Excerpts from a dataset
----
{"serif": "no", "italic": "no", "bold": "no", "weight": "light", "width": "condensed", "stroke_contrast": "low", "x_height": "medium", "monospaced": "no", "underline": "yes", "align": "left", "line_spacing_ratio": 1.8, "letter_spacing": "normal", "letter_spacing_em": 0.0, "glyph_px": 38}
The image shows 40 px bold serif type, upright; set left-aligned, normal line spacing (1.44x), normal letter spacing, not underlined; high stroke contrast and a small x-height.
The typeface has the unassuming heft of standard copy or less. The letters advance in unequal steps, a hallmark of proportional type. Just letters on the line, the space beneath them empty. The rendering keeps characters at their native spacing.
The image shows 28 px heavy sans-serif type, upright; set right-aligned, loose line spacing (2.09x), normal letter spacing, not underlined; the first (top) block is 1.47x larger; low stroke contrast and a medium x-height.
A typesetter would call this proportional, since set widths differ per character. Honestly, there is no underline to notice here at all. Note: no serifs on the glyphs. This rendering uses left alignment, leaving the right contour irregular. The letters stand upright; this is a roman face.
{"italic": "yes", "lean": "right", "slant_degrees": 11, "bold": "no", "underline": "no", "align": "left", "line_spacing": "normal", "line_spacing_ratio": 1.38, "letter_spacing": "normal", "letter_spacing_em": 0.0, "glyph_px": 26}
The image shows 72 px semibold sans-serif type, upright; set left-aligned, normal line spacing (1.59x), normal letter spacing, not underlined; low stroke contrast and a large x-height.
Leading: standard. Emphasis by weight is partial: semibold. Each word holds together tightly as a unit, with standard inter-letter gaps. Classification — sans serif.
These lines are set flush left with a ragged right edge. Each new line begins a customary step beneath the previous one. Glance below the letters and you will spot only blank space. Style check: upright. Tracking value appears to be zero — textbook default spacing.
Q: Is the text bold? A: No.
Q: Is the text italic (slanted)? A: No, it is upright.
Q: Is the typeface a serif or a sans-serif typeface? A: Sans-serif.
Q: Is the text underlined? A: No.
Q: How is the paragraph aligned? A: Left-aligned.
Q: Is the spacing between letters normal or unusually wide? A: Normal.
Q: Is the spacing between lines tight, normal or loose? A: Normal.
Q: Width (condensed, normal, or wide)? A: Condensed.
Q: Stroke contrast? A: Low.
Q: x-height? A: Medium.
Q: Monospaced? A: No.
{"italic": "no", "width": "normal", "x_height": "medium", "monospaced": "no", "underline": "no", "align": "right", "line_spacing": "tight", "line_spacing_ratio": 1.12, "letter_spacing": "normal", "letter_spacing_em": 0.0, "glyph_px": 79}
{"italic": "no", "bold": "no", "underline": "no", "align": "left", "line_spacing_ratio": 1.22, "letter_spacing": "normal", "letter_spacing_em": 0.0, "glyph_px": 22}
----
What the task asks -
From the records above, print only the lines between the one holding "Q: Is the text underlined? A: No." and the one holding "Q: Monospaced? A: No.", inclusive, exactly as they stand.

Written solution -
Q: Is the text underlined? A: No.
Q: How is the paragraph aligned? A: Left-aligned.
Q: Is the spacing between letters normal or unusually wide? A: Normal.
Q: Is the spacing between lines tight, normal or loose? A: Normal.
Q: Width (condensed, normal, or wide)? A: Condensed.
Q: Stroke contrast? A: Low.
Q: x-height? A: Medium.
Q: Monospaced? A: No.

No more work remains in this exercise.